As the Outliers exhibition brought quilts to Atlanta, there was also an incredible quilt-celebrating show at the Metropolitan Museum of Art in New York: History Refused to Die: Highlights from the Souls Grown Deep Foundation Gift. In addition to monumental works by artists such as Thornton Dial and Joe Minter, the exhibition featured eighteen quilts by Gee's Bend, Alabama, artists including Loretta Pettway and Emma Lee Pettway Campbell that are now part of the museum's collection. Outliers, History Refused to Die, and the High's newly reopened permanent collection galleries, which demonstrate the museum's commitment to collecting and showing more quilts, are all proof of how, despite their long history of being pigeonholed and neglected, quilts have become significant objects in US art museums.

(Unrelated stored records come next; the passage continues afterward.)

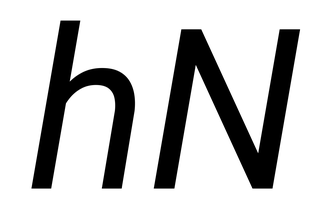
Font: Roboto-Italic_Italic
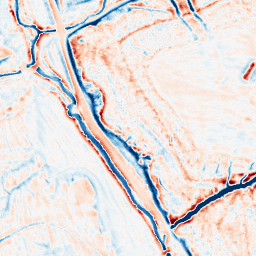
Category: edge_preserving
Decomposition family: bilateral
Decomposition parameters: d: 15
sigma_color: 75
sigma_space: 50
Upsampling method: quartic
Upsampling parameters: scale: 2
Upsampling scale: 2
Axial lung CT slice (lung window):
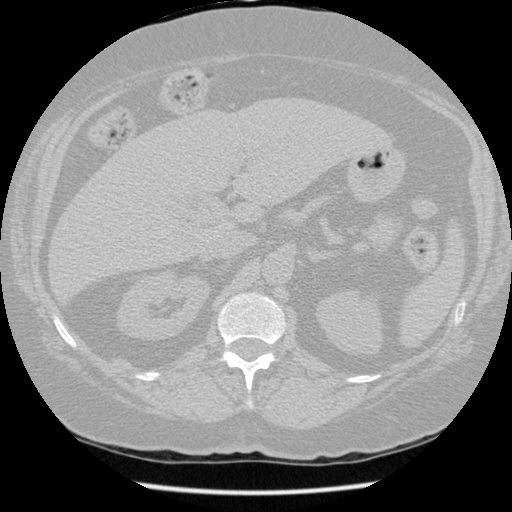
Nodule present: no
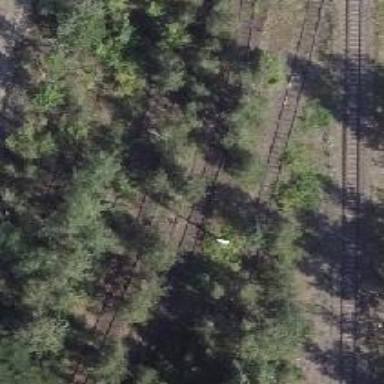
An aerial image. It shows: Abandoned railway.
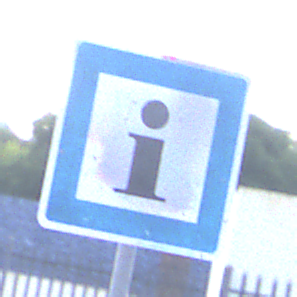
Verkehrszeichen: Informationsstelle
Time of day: SunriseSunset
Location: Outdoor (Suburban)
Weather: PartlyCloudy
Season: NotSpecified
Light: Natural
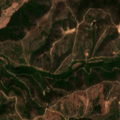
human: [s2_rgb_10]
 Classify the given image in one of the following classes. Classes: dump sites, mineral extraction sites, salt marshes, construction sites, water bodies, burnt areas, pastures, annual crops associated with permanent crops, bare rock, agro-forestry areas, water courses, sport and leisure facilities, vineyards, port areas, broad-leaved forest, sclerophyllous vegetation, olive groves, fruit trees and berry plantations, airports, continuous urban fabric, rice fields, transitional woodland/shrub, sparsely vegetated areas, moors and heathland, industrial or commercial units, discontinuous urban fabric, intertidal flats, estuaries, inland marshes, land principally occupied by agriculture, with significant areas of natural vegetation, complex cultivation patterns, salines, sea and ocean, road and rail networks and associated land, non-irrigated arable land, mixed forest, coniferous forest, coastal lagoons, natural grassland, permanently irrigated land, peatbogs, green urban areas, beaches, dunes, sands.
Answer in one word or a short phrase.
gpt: non-irrigated arable land, broad-leaved forest, coniferous forest, transitional woodland/shrub
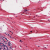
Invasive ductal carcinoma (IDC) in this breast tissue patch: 0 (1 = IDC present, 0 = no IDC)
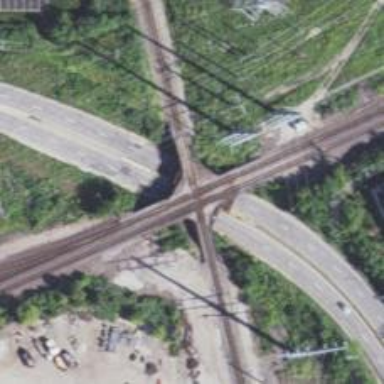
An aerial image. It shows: Railway crossing.
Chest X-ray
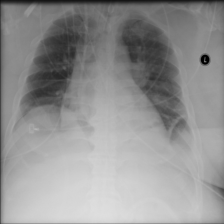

Convened at the High Museum during the final weeks of Outliers, this "Quilting Conversations" panel invited individuals chosen not only for their personal achievements, but also for the variety of relationships to quilting that they each represent. These panelists took the stage and offered their perspectives on the past, present, and future of quilts and quilting.
Marquetta Johnson
Marquetta Johnson, fourth-generation quilter and textile artist, discusses how her quilting techniques have developed over a lifetime, and how she uses her creativity to inspire new generations of quilters, students, and activists.
Michael Moon
Michael Moon considers quilts as kōans ("What is this?") and, with several vivid examples, ponders the intense emotional power and spiritual force that includes, but goes beyond, quilts' visual appeal.
Mary Margaret Pettway
Fourth-generation quilter Mary Margaret Pettway discusses a variety of quilts she has made during her life in Gee's Bend, Alabama. "The mind of a quilter," she says, "is a twisted thing."
Erin Jane Nelson
Erin Jane Nelson puts quilts "into new situations" in her own work by combining traditional methods with inspirations and techniques drawn from contemporary art scenes and movements.
About the Speakers
Katherine Jentleson is the Merrie and Dan Boone Curator of Folk and Self-Taught Art at Atlanta's High Museum of Art. She previously worked as an arts journalist in New York and received her PhD from the department of Art, Art History, and Visual Studies at Duke University, specializing in the art of the United States, with an emphasis on the interwar period.
Marquetta Johnson is a self-taught artist and fourth-generation quilter, known for using innovative hand-dyeing techniques. Her work is represented by Mason Murer Fine Art Gallery in Atlanta, and is in many private and corporate collections (Mr. and Mrs. Bernie Marcus of Atlanta, the Coca Cola Corporation, and the Hartsfield-Jackson International Airport). She is a teaching artist affiliated with the High Museum, VSA arts of Georgia, the Atlanta Partnership for the Arts in Learning, and the NAMES Project Foundation.
Michael Moon is a professor of Women's, Gender and Sexuality Studies at Emory University. In addition to LGBT studies and queer theory, Moon's research concerns modern literature, literary theory, media and mass culture, with a particular emphasis on the cultural production of "outsider" communities. His two most reecent books are Darger's Resources (Durham, NC: Duke University Press, 2012) and Arabian Nights (Arsenal Pulp Press, 2016).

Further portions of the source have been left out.